Id. at 2562. See also Mathis v. United States, 579 U.S. -, 136 S.Ct. 2243, 2254-57, 195 L.Ed.2d 604 (2016) (summarizing reasons supporting the use of the categorical approach in connection with the Armed Career Criminal Act).
. Compare Vivas-Ceja, 808 F.3d at 722 (holding that 18 U.S.C. § 16(b) is unconstitutionally vague as incorporated into 8 U.S.C. 1326(b) because it must be interpreted according to the same “two-step 'categorical approach” employed in connection with the Armed Career Criminal Act's residual clause), Dimaya, 803 F.3d at 1114, 1116 (holding that 18 U.S.C. § 16(b) is unconstitutionally vague in the civil-removal context because it is "subject to the categorical approach” and employs an "imprecise” risk standard), and Shuti, 828 F.3d at 446, 2016 WL 3632539, at *5 (holding that 18 U.S.C. § 16(b) is unconstitutionally vague in the civil-removal context because "it compels a categorical approach to prior convictions and an imprecise analysis of possible risk”), with Taylor, 814 F.3d at 379 (distinguishing the reasoning in Johnson and holding that 18 U.S.C. § 924(c)(3)(B), which, as characterized by the court, is identical in all material respects to 18 U.S.C. § 16(b), is not vague), and Hill, No. 14-3872, — F.3d at -, 2016 WL 4129228, slip op. at 22 (same).
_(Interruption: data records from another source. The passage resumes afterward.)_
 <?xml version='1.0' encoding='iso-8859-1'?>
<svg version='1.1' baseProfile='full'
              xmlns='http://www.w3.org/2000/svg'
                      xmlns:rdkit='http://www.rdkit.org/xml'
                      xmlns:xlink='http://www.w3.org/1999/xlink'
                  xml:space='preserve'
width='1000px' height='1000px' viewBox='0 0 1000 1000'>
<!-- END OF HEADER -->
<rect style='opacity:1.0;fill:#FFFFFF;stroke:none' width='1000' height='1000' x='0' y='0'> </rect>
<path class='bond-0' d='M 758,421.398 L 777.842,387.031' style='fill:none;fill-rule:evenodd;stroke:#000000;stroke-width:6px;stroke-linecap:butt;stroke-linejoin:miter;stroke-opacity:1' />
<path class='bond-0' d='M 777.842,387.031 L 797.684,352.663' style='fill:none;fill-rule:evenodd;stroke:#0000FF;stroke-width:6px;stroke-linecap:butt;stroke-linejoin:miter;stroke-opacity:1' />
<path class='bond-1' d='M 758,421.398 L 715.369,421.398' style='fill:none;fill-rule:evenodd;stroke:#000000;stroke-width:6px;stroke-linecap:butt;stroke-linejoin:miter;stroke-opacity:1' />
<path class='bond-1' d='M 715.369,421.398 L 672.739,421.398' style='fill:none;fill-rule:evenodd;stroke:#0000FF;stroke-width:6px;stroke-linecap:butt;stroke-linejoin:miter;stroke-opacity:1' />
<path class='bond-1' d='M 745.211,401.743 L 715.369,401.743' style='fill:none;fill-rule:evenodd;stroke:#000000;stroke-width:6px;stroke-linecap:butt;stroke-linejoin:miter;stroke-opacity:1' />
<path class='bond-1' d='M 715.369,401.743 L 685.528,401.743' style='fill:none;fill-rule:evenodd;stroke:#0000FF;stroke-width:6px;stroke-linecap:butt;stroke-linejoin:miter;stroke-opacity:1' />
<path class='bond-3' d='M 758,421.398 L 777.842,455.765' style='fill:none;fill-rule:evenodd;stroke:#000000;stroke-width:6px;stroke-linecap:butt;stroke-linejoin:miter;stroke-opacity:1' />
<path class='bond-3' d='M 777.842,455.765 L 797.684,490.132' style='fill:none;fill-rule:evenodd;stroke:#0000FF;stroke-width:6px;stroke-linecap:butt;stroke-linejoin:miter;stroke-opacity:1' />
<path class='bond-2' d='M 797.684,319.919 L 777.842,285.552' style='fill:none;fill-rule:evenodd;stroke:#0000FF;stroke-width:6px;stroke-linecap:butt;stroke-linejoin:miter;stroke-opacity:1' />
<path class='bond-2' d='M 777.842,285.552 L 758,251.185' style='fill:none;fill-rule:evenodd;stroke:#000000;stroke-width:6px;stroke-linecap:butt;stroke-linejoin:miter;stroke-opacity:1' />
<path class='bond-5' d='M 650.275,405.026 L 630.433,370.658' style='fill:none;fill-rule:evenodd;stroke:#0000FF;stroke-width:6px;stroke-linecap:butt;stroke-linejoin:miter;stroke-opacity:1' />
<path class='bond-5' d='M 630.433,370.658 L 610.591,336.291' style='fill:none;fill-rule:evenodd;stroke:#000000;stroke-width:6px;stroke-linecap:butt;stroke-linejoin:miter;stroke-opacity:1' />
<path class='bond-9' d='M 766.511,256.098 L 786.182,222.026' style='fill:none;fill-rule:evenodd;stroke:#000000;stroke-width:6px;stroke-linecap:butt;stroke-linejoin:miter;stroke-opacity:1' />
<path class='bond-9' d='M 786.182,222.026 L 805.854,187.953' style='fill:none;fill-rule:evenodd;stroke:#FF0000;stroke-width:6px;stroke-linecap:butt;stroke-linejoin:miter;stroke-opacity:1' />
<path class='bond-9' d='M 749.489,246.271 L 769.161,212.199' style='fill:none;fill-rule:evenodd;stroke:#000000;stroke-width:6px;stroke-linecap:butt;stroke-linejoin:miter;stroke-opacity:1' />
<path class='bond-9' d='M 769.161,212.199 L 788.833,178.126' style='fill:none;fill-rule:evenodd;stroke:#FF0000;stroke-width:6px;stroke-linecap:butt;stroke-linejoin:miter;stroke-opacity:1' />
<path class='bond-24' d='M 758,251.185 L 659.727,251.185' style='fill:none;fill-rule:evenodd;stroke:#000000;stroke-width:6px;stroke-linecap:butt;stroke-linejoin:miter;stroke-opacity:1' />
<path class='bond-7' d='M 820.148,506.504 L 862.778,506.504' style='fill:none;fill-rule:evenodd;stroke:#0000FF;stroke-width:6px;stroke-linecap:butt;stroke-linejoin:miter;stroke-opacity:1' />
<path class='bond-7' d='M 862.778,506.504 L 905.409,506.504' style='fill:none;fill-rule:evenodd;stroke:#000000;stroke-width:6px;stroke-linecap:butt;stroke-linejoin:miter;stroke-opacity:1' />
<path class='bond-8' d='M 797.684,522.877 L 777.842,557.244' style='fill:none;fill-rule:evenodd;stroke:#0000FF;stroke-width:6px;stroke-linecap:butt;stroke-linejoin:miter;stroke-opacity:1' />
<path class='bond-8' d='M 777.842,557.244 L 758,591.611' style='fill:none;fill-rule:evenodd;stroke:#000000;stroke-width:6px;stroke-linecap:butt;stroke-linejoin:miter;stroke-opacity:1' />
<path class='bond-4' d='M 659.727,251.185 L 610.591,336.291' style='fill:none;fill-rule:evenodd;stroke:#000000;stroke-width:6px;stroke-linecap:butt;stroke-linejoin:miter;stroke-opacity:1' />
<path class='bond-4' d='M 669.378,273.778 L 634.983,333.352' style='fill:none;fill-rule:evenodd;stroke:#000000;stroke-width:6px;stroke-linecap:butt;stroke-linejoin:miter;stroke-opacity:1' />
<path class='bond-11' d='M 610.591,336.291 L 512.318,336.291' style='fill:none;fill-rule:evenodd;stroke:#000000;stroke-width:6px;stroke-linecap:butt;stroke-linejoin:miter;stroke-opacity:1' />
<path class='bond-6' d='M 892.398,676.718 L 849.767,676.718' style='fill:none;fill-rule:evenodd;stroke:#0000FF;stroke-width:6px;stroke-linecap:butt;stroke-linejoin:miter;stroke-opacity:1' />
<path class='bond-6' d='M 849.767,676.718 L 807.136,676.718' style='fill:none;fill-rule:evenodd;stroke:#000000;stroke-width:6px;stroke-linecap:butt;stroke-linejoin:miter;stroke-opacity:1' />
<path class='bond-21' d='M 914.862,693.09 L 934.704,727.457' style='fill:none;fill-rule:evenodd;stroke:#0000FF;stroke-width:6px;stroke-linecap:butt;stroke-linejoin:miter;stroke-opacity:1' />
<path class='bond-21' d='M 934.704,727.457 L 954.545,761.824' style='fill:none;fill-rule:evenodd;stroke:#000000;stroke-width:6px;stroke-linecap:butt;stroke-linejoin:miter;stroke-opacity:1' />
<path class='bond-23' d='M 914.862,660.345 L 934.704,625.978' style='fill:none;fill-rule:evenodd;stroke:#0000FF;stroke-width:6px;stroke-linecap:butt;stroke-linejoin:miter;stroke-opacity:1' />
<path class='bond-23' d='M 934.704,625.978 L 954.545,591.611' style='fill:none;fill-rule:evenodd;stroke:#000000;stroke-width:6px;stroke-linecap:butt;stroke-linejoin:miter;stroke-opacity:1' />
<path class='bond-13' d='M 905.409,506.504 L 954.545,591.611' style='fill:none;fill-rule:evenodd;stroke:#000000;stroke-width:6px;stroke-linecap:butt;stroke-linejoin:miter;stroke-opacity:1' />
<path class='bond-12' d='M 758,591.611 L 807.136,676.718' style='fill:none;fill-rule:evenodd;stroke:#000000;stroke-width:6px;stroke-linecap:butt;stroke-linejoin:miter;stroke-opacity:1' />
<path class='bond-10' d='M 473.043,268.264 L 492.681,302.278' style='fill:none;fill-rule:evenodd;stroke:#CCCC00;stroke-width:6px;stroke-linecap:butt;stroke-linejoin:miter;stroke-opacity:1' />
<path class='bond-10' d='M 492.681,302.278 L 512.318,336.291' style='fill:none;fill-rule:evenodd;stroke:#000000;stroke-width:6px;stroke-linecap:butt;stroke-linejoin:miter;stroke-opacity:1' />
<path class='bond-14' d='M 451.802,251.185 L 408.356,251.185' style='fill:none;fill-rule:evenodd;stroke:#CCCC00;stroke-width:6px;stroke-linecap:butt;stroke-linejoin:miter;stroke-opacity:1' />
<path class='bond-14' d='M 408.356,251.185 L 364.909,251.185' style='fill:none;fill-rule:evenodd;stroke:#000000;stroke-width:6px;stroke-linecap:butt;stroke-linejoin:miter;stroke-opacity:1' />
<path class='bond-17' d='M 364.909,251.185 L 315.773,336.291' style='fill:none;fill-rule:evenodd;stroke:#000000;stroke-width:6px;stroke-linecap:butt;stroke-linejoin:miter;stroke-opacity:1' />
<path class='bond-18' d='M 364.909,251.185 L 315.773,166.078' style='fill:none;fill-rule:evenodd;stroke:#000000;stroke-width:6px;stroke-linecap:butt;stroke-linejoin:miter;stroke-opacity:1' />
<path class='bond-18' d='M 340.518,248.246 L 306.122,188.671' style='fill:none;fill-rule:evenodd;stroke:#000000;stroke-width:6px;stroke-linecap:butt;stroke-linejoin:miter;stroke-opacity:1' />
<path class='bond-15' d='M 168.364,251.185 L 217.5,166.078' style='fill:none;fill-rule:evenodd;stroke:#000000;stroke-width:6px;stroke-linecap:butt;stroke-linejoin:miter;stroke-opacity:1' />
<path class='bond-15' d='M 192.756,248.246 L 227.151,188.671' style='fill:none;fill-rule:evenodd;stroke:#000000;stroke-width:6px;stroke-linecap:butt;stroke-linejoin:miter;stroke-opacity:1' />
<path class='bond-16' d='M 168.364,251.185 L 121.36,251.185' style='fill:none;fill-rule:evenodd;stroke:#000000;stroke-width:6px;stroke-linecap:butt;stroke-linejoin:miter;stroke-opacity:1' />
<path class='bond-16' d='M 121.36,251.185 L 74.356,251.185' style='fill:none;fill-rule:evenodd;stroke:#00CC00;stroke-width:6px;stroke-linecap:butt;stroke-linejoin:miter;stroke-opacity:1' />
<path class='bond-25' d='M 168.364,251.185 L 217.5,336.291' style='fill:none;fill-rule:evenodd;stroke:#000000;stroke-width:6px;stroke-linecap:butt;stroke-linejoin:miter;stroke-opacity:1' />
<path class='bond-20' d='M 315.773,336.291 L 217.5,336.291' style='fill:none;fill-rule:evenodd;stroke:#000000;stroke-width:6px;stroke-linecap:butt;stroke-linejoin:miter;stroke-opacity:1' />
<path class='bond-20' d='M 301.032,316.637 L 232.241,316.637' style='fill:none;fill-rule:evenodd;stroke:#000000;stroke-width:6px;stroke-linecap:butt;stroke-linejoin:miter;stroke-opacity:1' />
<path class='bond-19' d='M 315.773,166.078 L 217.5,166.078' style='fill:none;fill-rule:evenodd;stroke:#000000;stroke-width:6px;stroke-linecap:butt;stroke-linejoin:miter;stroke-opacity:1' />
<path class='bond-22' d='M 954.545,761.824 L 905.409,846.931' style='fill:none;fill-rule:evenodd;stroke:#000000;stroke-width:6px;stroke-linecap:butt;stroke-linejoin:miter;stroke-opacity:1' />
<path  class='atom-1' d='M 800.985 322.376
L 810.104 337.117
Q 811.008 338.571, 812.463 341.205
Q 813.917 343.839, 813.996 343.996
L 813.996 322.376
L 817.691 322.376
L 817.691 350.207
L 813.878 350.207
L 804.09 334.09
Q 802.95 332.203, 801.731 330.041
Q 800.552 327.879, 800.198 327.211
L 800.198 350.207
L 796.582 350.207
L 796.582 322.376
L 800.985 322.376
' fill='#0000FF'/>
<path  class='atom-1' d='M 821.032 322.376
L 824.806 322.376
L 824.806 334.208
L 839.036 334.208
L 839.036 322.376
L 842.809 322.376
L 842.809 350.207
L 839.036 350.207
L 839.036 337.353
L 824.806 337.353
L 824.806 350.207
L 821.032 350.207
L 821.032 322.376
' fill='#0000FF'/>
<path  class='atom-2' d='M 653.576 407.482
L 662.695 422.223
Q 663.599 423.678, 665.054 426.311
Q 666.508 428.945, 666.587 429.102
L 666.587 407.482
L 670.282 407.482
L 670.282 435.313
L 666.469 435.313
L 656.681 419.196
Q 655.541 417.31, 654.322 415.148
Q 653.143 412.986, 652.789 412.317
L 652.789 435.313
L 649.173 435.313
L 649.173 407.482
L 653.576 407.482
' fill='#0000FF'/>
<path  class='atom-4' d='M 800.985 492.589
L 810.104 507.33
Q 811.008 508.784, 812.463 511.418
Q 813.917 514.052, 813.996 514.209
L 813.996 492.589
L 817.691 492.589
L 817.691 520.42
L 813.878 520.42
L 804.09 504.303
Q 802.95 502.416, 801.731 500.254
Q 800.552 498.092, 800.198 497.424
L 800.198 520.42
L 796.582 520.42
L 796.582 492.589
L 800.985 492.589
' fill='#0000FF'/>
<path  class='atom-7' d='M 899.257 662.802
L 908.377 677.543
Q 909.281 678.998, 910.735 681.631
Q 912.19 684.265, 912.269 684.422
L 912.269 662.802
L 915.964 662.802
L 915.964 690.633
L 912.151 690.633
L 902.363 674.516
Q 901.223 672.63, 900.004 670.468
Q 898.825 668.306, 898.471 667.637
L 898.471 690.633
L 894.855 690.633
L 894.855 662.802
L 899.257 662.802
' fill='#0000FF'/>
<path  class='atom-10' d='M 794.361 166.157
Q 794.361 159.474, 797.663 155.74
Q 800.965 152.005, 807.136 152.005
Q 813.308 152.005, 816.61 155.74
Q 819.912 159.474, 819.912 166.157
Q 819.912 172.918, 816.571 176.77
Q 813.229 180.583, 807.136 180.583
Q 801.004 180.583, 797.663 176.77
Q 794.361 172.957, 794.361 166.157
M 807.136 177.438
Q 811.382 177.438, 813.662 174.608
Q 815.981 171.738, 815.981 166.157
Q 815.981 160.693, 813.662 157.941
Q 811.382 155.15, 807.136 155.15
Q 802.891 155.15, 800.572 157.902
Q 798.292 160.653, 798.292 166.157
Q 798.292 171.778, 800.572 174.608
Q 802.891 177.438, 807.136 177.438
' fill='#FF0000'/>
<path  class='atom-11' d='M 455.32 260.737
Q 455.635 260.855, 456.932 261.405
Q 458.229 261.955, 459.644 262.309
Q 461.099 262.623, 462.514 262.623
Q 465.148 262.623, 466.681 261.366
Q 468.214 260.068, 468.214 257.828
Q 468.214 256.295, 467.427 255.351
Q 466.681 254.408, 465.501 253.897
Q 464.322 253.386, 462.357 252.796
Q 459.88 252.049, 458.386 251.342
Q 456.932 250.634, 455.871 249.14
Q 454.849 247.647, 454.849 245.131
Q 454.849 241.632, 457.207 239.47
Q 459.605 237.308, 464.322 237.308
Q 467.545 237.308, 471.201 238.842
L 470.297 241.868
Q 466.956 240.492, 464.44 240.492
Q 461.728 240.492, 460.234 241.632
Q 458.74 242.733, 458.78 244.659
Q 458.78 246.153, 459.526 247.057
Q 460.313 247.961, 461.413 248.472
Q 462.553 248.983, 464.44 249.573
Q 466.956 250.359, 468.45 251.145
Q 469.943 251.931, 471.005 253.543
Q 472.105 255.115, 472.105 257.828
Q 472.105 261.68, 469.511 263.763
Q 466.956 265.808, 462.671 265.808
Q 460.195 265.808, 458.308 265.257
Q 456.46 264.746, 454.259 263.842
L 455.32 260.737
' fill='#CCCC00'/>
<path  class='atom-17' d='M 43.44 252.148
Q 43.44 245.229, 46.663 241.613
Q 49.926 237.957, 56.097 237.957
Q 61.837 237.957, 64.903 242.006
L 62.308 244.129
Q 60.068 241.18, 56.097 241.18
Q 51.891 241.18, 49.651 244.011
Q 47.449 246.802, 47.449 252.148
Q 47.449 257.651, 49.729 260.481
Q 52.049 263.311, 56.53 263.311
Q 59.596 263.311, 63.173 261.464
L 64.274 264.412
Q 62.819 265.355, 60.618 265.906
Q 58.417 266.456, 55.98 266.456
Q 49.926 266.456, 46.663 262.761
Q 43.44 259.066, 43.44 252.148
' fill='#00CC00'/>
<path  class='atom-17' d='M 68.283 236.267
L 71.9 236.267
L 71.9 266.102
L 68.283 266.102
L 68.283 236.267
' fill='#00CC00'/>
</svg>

. Classifying crimes, especially by assessment of risk of force and violence, is built into the criminal justice system. For example, 18 U.S.C. § 924(c), which provides for enhanced penalties for the use of a firearm in connection with a crime, contains the same definition of "crime of violence” as 18 U.S.C. § 16(b). See 18 U.S.C. § 924(c)(3)(B). Likewise, the Bail Reform Act contemplates presumptive imprisonment when a defendant is even charged with a "crime of violence.” See 18 U.S.C. § 3142(f)(1)(A), (g)(1). Indeed, the definition found in 18 U.S.C. § 16 applies to many provisions of Title 18. See, e.g., 18 *677U.S.C. § 25(a)(1) (use of minor to commit a crime of violence); § 931(a)(1) (purchase of body armor by violent felons); § 1956(c)(7)(B)(ii) (money laundering); see also 18 U.S.C. § 842(p)(2) (facilitating use of explosives in connection with a crime of violence); § 929(a)(1) (use of armor-piercing ammunition in connection with a crime of violence); § 1952(a) (racketeering); § 2250(d) (failure to register as a sex offender); § 2261(a) (domestic violence); § 3559(f) (crime of violence against children).
. See also Leocal, 543 U.S. at 10 n.7, 125 S.Ct. 377 ("Thus, § 16(b) plainly does not encompass all offenses which create a ‘substantial risk' that injury will result from a person’s conduct. The ‘substantial risk’ in § 16(b) relates to the use of force, not to the possible effect of a person's conduct.”).